How much does Groq cost per month?
Groq has no monthly subscription fee — you pay only for the tokens you consume on serverless inference, plus per-hour audio transcription, per-use built-in tools, and per-session agentic infrastructure. A small chat application using Llama 3.1 8B at 30M input + 10M output tokens would cost roughly $2.30/month — Groq's per-token rates are among the lowest in the market for small-model inference.
What are Groq's per-token rates for popular models?
Per 1M tokens (input/output): Llama 3.1 8B Instant $0.05/$0.08 at 840 TPS; GPT OSS 20B $0.075/$0.30 at 1,000 TPS; Llama 4 Scout $0.11/$0.34 at 594 TPS; Qwen3 32B $0.29/$0.59 at 662 TPS; GPT OSS 120B $0.15/$0.60 at 500 TPS; Llama 3.3 70B Versatile $0.59/$0.79 at 394 TPS. Throughput numbers are published alongside prices to make the latency-cost trade-off transparent.
Does Groq have a free tier?
Yes — Groq's free tier offers rate-capped access to most models for experimentation.
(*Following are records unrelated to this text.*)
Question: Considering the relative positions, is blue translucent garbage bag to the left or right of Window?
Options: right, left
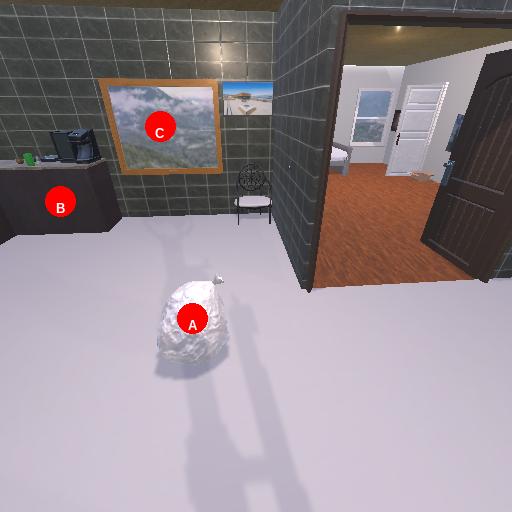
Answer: right
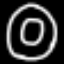
Label: donut
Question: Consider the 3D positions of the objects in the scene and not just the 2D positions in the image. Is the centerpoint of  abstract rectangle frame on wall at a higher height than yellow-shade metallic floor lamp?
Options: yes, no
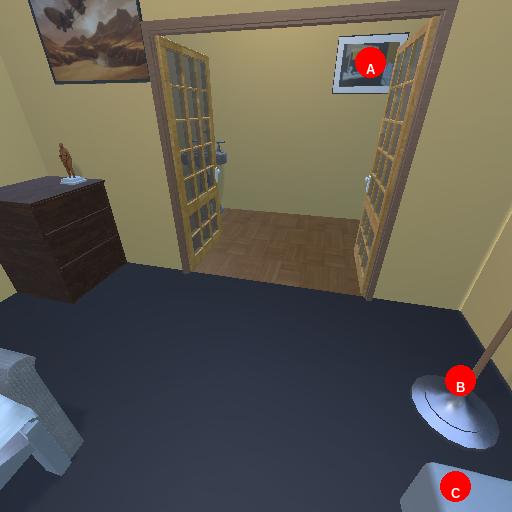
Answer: yes
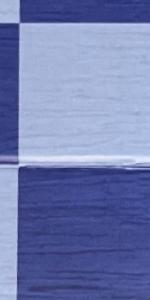
Label: Empty
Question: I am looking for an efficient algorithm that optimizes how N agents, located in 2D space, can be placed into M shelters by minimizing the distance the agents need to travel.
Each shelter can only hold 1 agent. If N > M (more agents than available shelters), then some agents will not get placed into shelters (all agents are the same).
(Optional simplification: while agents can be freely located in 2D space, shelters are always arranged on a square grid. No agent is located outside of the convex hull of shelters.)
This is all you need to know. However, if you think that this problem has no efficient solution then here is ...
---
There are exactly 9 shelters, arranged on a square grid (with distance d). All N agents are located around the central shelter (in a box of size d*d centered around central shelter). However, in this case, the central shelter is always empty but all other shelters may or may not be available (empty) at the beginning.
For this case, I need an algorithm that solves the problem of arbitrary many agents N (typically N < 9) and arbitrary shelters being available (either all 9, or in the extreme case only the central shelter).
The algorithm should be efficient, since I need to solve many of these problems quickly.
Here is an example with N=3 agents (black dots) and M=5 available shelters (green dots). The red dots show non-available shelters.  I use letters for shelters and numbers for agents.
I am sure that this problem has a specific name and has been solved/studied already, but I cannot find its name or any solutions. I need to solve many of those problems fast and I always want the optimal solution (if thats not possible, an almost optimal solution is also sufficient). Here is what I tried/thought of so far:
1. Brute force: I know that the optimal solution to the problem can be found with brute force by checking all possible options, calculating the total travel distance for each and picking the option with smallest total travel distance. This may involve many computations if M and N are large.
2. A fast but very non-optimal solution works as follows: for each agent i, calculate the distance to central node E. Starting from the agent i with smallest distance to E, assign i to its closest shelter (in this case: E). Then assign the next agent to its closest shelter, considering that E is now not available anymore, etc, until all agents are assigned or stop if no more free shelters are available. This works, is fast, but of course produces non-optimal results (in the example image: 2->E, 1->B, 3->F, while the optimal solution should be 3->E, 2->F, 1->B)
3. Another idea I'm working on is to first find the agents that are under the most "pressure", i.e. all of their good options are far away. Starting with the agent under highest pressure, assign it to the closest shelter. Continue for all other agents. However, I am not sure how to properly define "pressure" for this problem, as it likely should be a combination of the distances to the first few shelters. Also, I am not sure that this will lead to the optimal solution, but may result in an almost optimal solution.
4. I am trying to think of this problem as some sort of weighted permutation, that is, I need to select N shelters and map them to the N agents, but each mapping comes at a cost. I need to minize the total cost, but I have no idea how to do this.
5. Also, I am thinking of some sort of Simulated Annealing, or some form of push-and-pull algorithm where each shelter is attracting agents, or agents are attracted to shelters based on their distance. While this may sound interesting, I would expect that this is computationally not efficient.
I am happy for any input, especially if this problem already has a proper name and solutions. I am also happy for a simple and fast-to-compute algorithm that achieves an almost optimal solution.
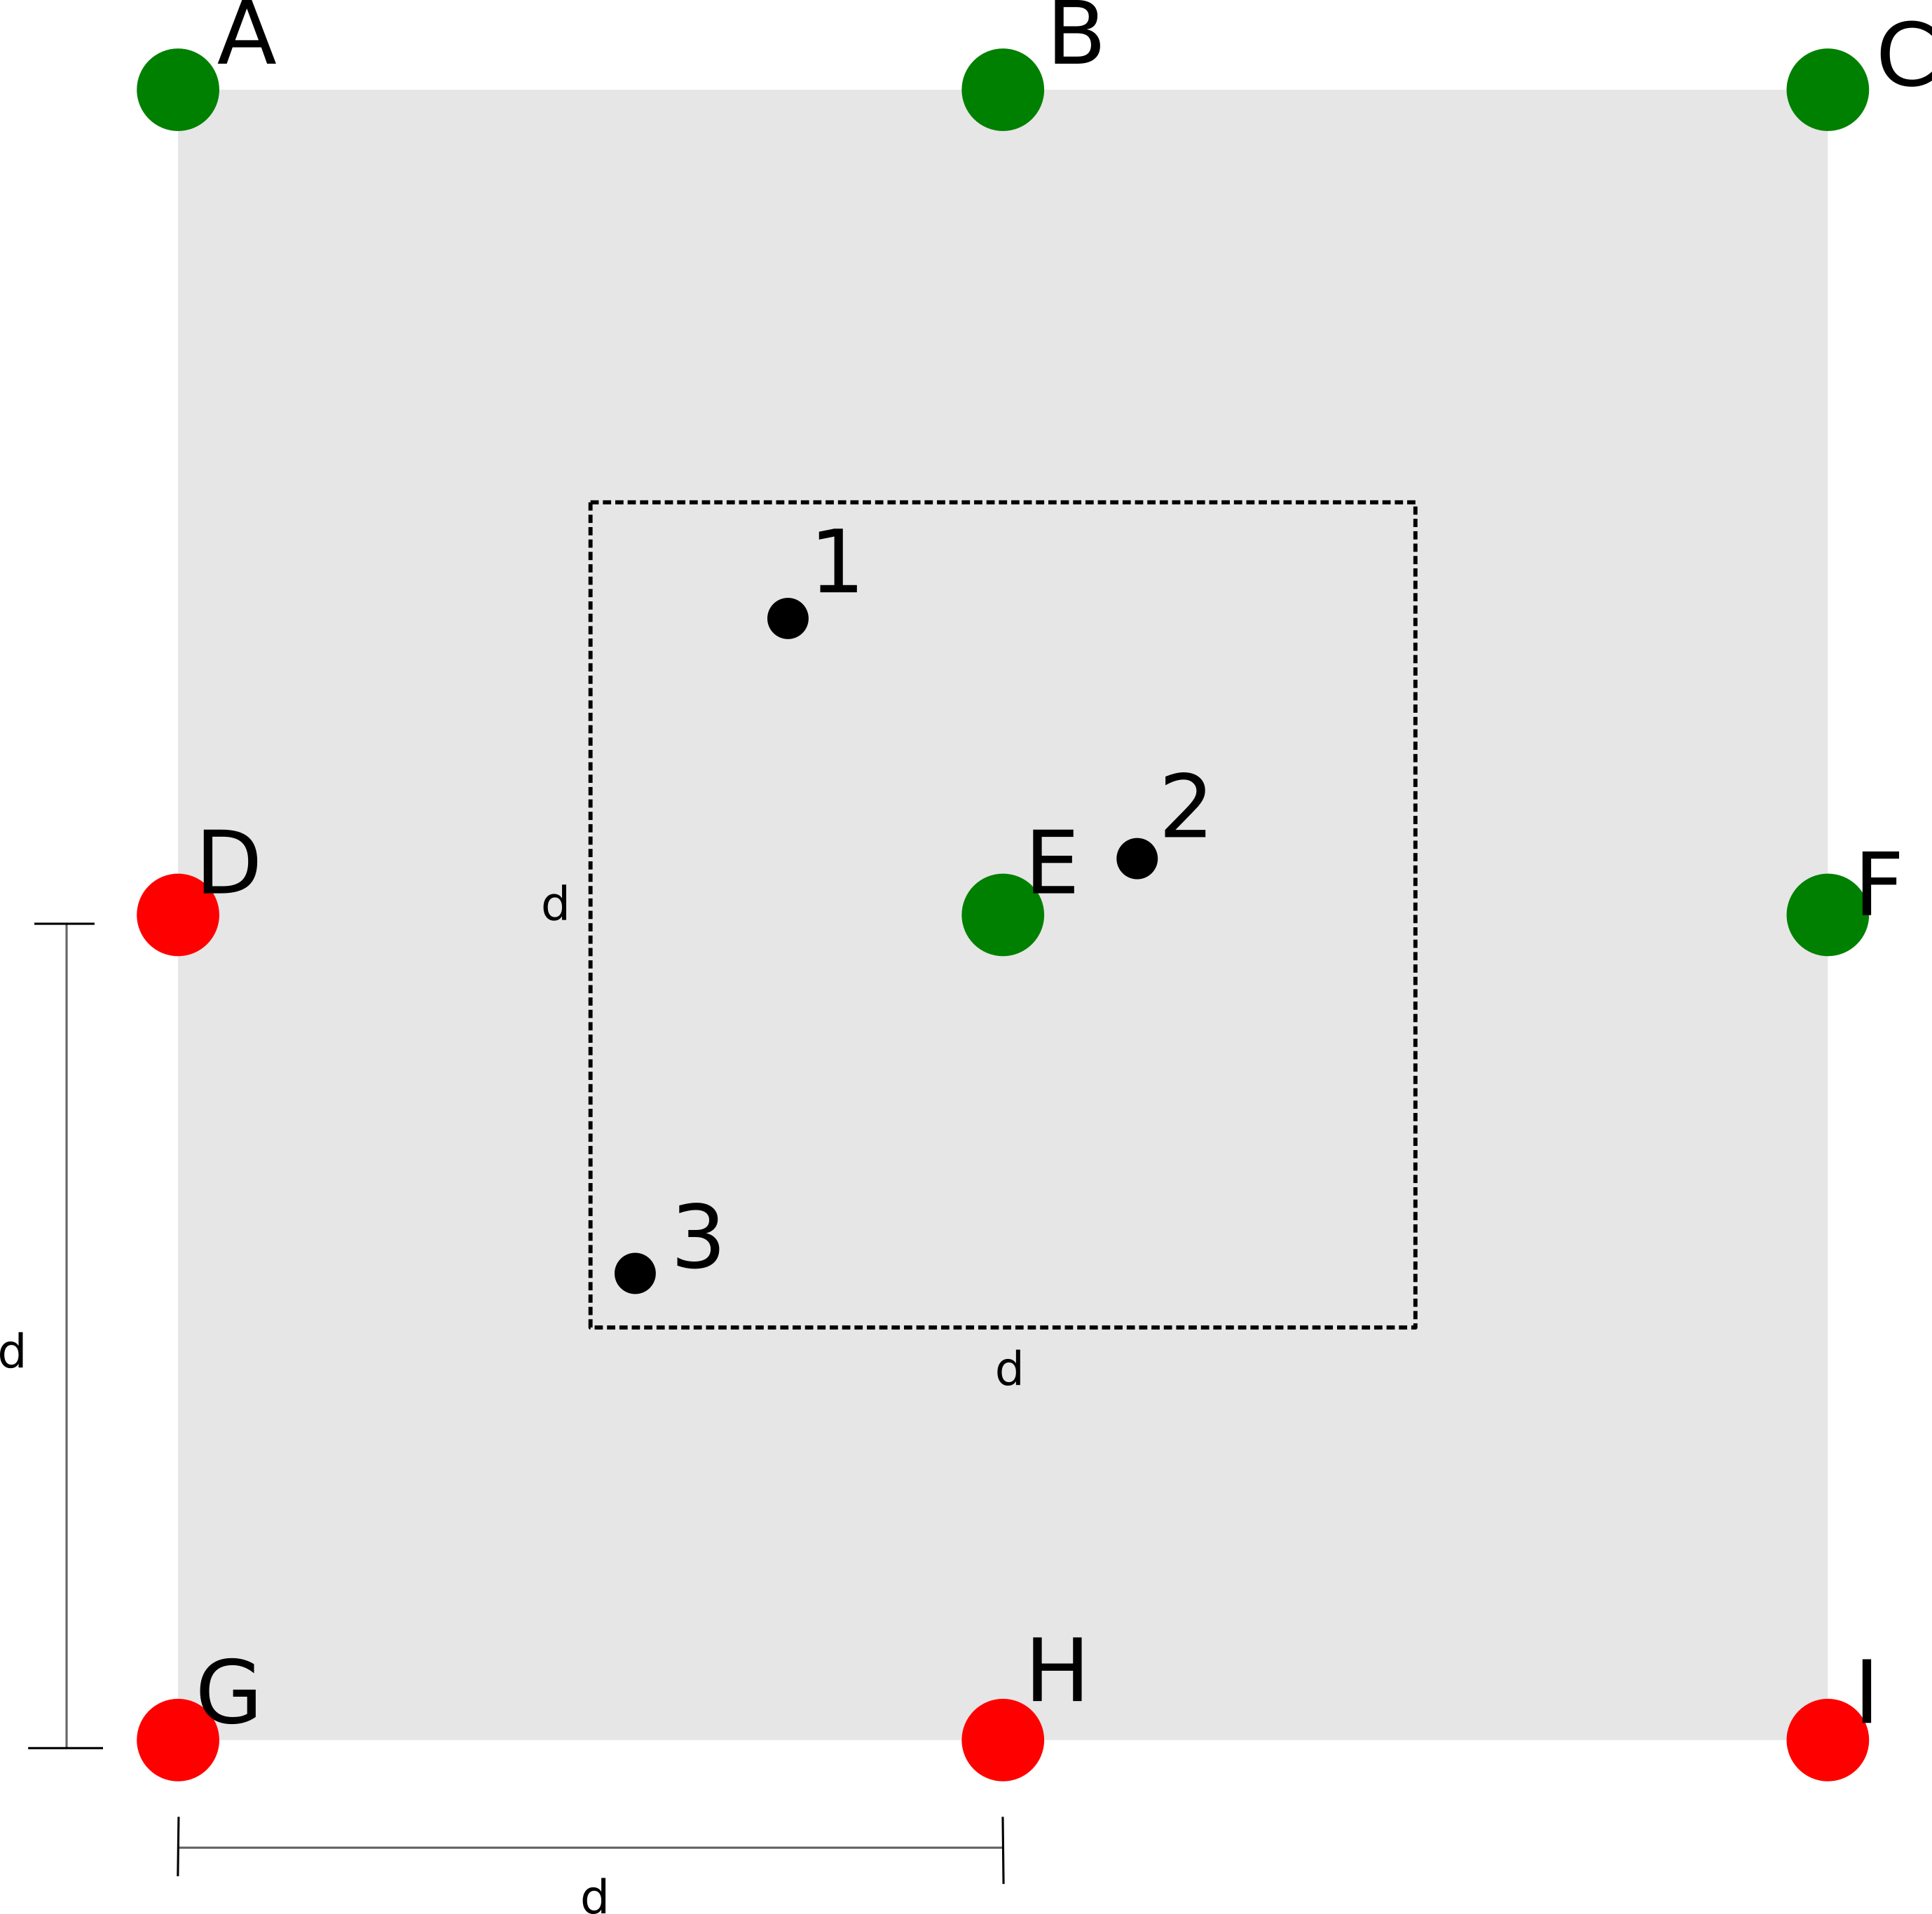
Answer: As suggested in the comments (thanks again!), this is indeed answered by <URL>.
Specifically, this is an which gets solved by the , considering agents as workers, shelters as tasks and the cost of worker i doing task j being the Manhatten distance between agent i and shelter j.
The <URL> implements this algorithm and is very fast for the 9-shelter problem. If there are more shelters than agents, the package handles it automatically. For the case of more agents than shelters I am satisfied with deleting random agents until the number of agents is equal to the number of shelters. Therefore my problem is solved.

Throughput limits apply (low requests-per-minute and tokens-per-minute caps), with sustained production usage requiring a paid plan. Free tier credit-card-on-file is not required for evaluation.
How does Groq's LPU differ from GPU-based inference?
Groq's LPU (Language Processing Unit) is bespoke silicon designed exclusively for inference. Unlike GPUs which use HBM (high-bandwidth memory) and branch prediction, the LPU uses on-die SRAM and deterministic execution. The trade-off is lower per-chip memory capacity but vastly higher single-stream throughput — enabling 800+ tokens/second on Llama 3 8B and 500+ TPS on 120B-class models.
What does Groq charge for audio transcription?
Whisper Large v3 (higher accuracy) at $0.111 per hour of audio transcribed; Whisper Large v3 Turbo (faster, slightly lower accuracy) at $0.04 per hour transcribed. Both bill with a 10-second minimum per request to ensure profitable short-clip handling. The 2.8× price spread between Turbo and standard reflects the accuracy-versus-speed trade-off.
How are Groq's built-in tools priced?
Per-use pricing for agentic tools: web search at $5–$8 per 1,000 requests (depending on depth), website visits at $1 per 1,000 requests, code execution at $0.18/hour of compute. Cached input on serverless gets a 50% discount; Batch API gets a 50% discount for asynchronous workloads. The transparent per-use tool pricing is one of the most legible in the market.